A frequent motif in my dreams is where I step into a life I am (or someone else is) currently living elsewhere, to taste what that life is like.

It’s the experience of that “stepping in” that has made me consider that the notion of

alternate realities or parallel universes might not be such a crackpot idea.

In these dreams, I visit an ongoing life. Sometimes the person is me, but a few of the circumstances of my life are different (Mom is healthy, Dad is alive, I’m in a different profession, I live someplace else). At other times I seem to be visiting someone else’s life, and the dream is peopled with characters I’ve never met before.

What distinguishes this type of dream for me is that nothing that happens in them seems remotely dreamlike. Nothing happens out of normal time, scenes don’t shift suddenly, no one can fly, the sky isn’t green, there’s nothing that would say, “This is a dream.” It feels very much like waking reality, everyday life, a few normal hours—in someone else’s world, or in a parallel reality.

So in last night’s dream I was part of a group of writers who met weekly to really dig into each others’ writing and offer extremely constructive criticism. It felt like we all respected one another tremendously and liked each others’ work, and so didn’t feel the need to give praise or encouragement but say, “This doesn’t work, change that, that image is great but that other one isn’t.” Apparently we would take go home and work on each others’ pieces. When I arrived at the meeting, a woman who (in the dream) was a widely published and greatly respected novelist had taken my story—the beginning of a spy novel or murder mystery, I think—and had restructured it, and given me a cool acronym for an evil organization that was in the book.

The dreaming part of me thought that writers’ group would be a really great thing to do in this parallel reality.

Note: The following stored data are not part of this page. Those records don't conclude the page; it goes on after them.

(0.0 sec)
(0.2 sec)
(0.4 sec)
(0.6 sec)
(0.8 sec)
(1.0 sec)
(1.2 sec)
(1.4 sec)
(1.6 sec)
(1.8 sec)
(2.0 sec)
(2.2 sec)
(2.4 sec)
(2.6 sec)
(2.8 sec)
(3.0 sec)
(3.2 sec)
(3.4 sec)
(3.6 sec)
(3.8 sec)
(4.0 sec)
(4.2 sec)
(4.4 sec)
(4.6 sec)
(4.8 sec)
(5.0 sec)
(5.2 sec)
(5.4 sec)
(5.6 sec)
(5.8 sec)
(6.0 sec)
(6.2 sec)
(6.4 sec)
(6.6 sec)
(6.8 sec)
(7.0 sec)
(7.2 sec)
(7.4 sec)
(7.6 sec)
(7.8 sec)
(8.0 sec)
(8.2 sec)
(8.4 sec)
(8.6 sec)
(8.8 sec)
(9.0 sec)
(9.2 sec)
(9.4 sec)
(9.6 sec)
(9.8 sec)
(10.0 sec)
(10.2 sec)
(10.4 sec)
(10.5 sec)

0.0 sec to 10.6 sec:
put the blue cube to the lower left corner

After the meeting I went down to the basement—I was part of some sort of cooperative home arrangement in a large house, where some of us cooked for the whole group, some did laundry, some took care of the outside work, etc.—to see if my laundry was done. They had pressed my suit and gotten other clothes washed, but my vestments were not ready. Apparently I served as a part-time ministerial type at various functions, some religious, some decidedly not: I saw a home movie projected on a screen in the basement in which a thinner, younger me was on a football field but wearing clerical garb, including—absurdly—a full chasuble.

I told the launderers, rather sternly, that the vestments were a top priority, that because they went over the suit and the suit was pretty much hidden, the suit was much less important in the priority ranking. Someone very distinctly called the vestment in question an alb, which is the plain white floor-length garment that priests wear under other vestments, next to the skin, and the home movie showed me in a suit, not an alb, with a chasuble on top of the suit, so that tidbit was perplexing.

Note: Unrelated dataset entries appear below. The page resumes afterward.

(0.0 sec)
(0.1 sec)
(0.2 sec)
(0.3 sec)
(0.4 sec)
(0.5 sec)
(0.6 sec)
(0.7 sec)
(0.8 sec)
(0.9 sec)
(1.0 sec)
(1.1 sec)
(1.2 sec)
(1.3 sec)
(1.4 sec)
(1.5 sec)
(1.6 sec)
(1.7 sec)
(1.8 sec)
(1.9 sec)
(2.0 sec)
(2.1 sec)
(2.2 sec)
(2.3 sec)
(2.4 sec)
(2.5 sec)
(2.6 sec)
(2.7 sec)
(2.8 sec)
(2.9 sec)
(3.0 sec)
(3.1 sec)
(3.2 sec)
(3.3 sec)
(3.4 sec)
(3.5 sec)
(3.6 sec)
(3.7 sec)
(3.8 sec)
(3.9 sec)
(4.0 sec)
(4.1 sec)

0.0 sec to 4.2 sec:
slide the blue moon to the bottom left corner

I can look at the whole laundry / clerical garb / business suit thing as dream imagery, and I get the message it has for me. Certainly the scene with the launderers watching this home movie of me down in the laundry room seemed the most dreamlike. But it still had the weight of real life somehow. There was nothing surreal or hallucinogenic about it; I assumed they were looking at the home movie to make sure the clothes for the upcoming event looked the same as they did for the one on the football field. They were just doing due diligence.

There rest of that day-in-my-life was so utterly mundane that I can no longer recall the details. I ate, I worked, I talked with people. Very boring, normal stuff. And that is precisely what makes this category of dreams for me (I have a number of different categories of dream-types, each with their unique characteristics) so interesting: nothing terribly unusual ever happens. It’s just someone’s life I’ve stepped into for the span of a few hours.